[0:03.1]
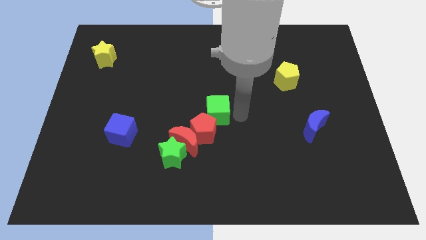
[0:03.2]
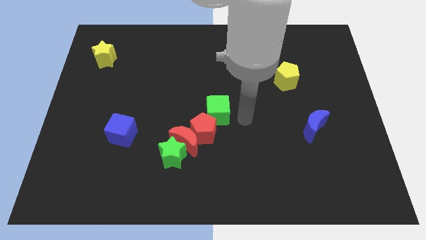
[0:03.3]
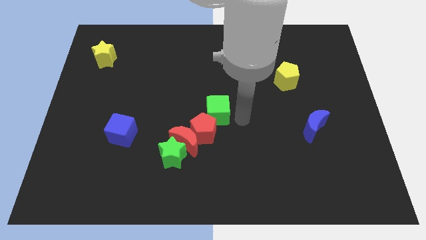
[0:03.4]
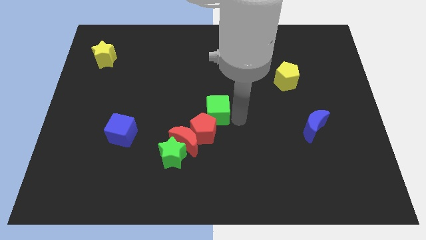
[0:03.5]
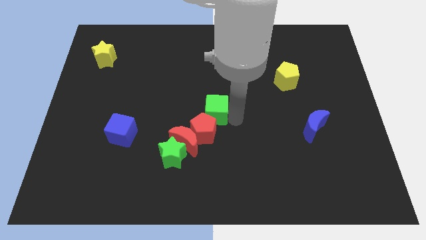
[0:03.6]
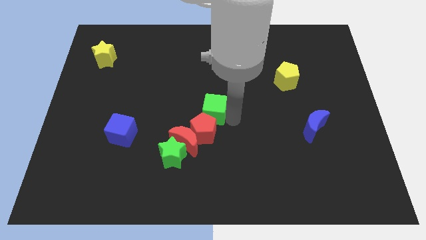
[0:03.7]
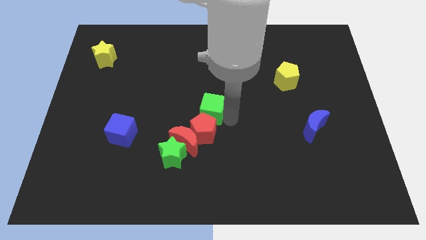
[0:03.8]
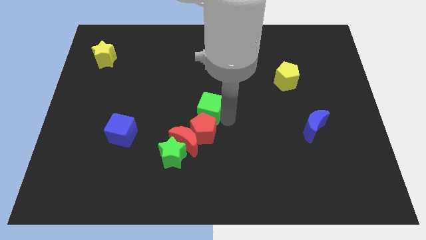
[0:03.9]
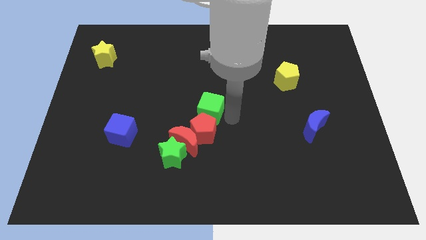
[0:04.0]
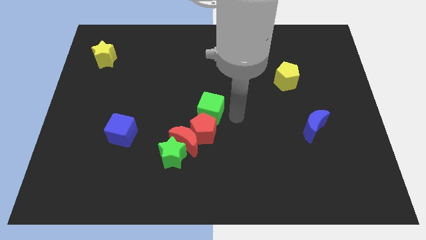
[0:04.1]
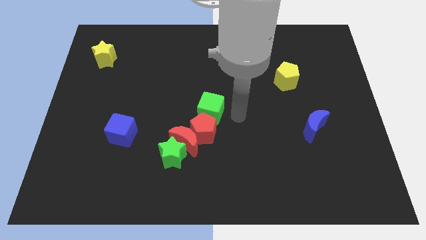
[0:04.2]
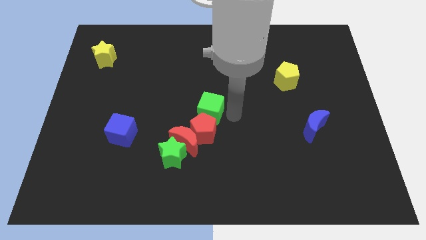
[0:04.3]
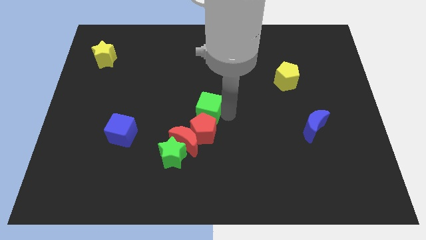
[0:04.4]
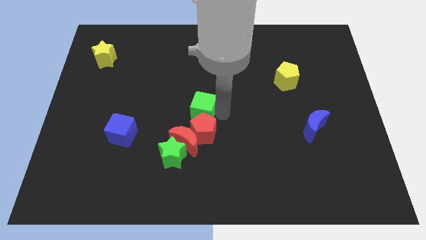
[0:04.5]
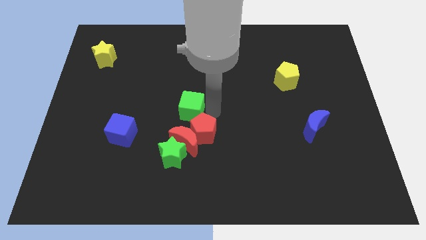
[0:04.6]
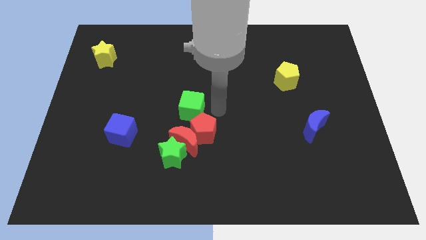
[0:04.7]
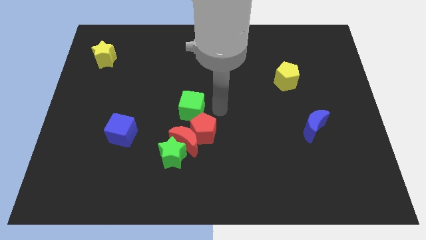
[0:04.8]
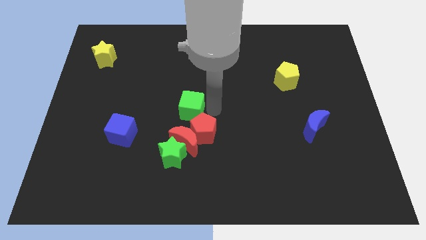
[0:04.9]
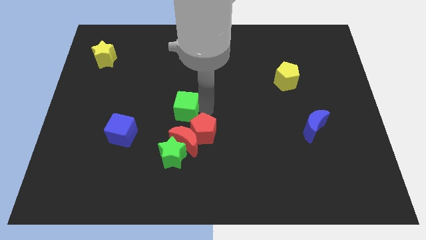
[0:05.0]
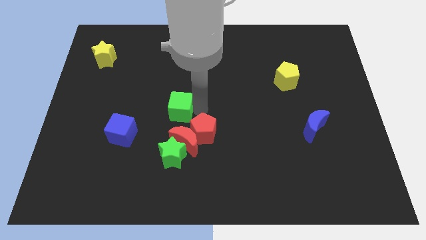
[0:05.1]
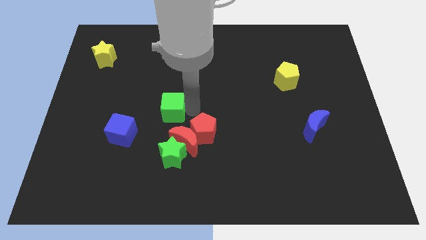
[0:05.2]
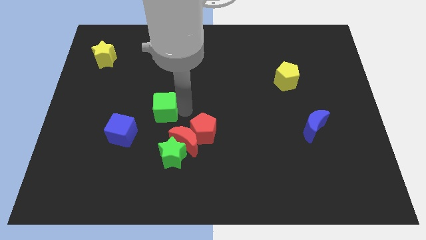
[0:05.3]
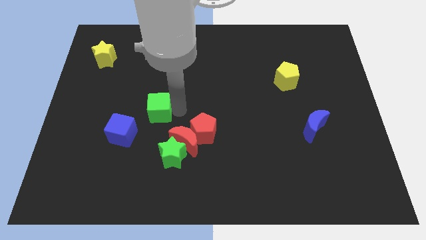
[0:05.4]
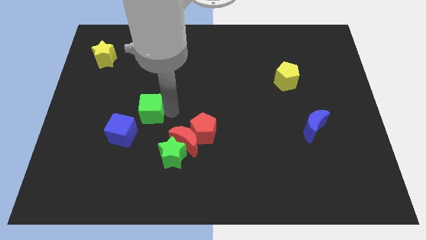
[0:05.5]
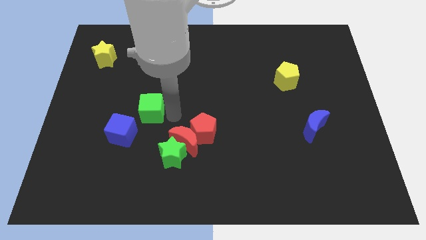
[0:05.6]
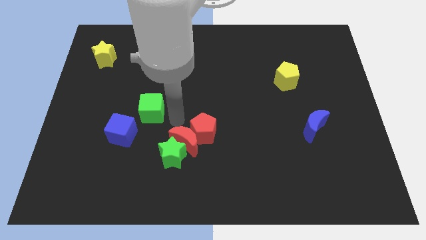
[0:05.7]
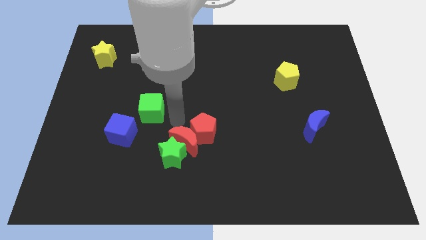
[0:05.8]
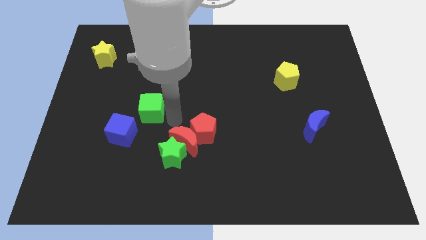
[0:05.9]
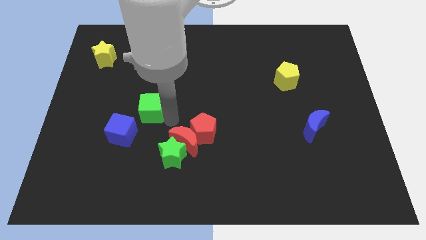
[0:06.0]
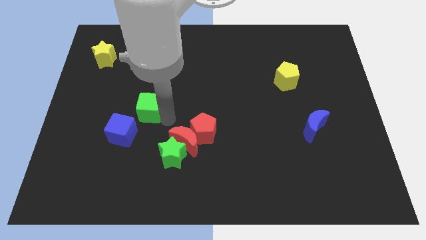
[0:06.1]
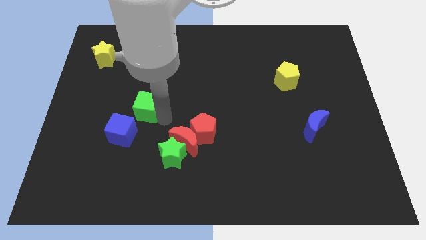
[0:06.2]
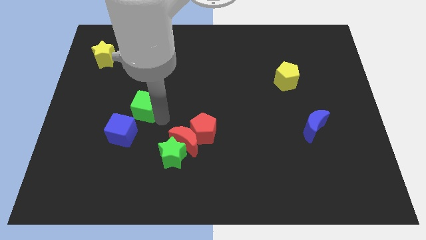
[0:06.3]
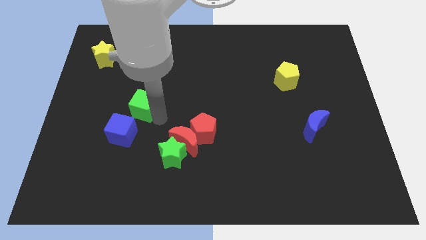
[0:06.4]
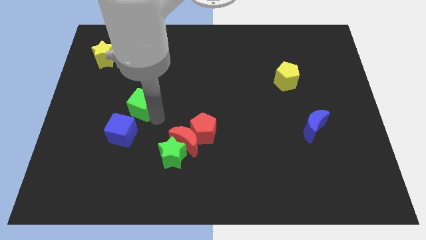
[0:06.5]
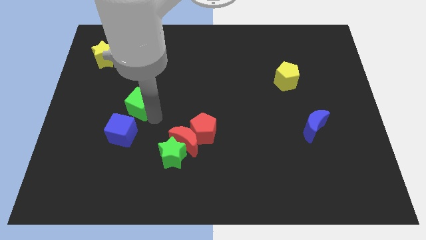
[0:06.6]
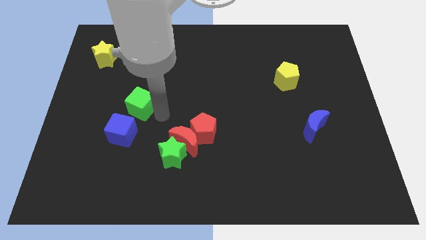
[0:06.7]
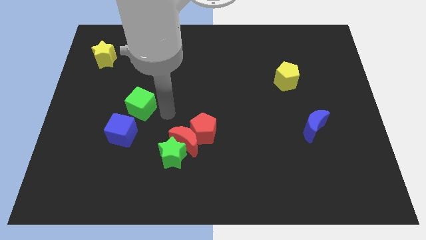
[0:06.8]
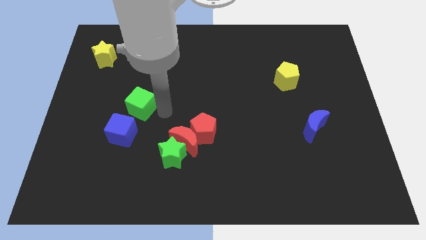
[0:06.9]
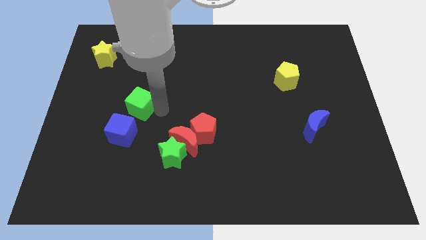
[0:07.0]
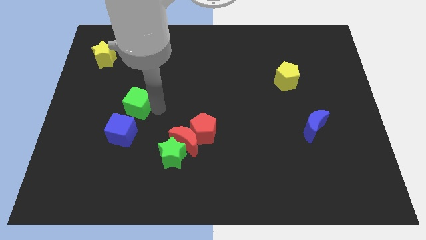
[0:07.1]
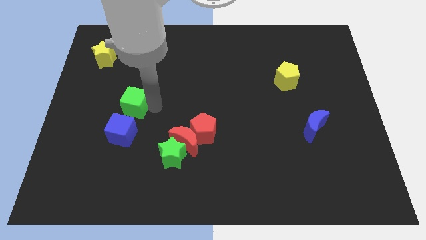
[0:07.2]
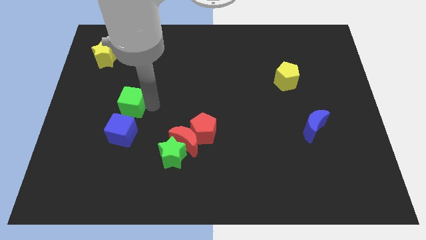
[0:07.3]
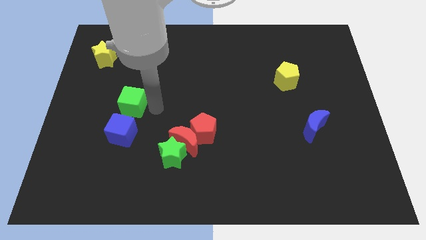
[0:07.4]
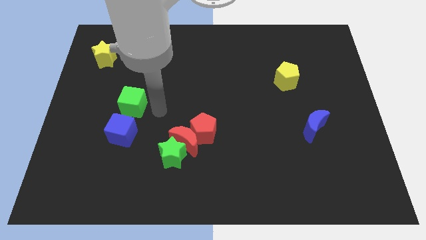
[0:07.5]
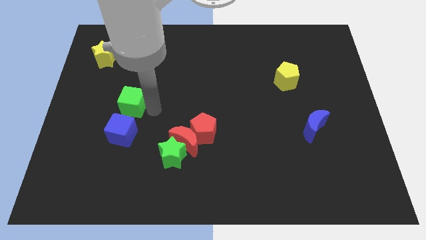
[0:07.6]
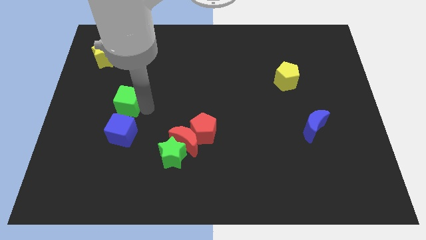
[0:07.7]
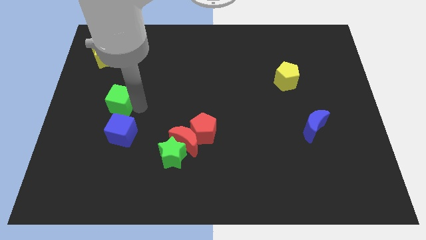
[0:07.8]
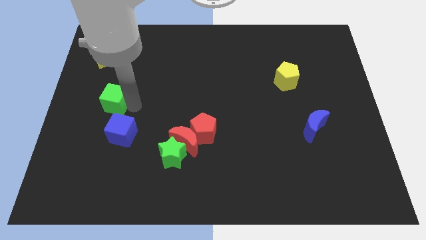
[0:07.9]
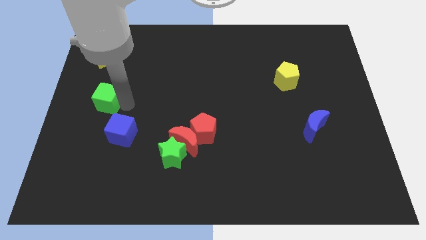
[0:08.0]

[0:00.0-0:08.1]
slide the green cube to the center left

== ASSIGNMENT ==
Reproduce the data above verbatim, minus any images.

== RESPONSE BOX ==
[0:03.1]
[0:03.2]
[0:03.3]
[0:03.4]
[0:03.5]
[0:03.6]
[0:03.7]
[0:03.8]
[0:03.9]
[0:04.0]
[0:04.1]
[0:04.2]
[0:04.3]
[0:04.4]
[0:04.5]
[0:04.6]
[0:04.7]
[0:04.8]
[0:04.9]
[0:05.0]
[0:05.1]
[0:05.2]
[0:05.3]
[0:05.4]
[0:05.5]
[0:05.6]
[0:05.7]
[0:05.8]
[0:05.9]
[0:06.0]
[0:06.1]
[0:06.2]
[0:06.3]
[0:06.4]
[0:06.5]
[0:06.6]
[0:06.7]
[0:06.8]
[0:06.9]
[0:07.0]
[0:07.1]
[0:07.2]
[0:07.3]
[0:07.4]
[0:07.5]
[0:07.6]
[0:07.7]
[0:07.8]
[0:07.9]
[0:08.0]

[0:00.0-0:08.1]
slide the green cube to the center left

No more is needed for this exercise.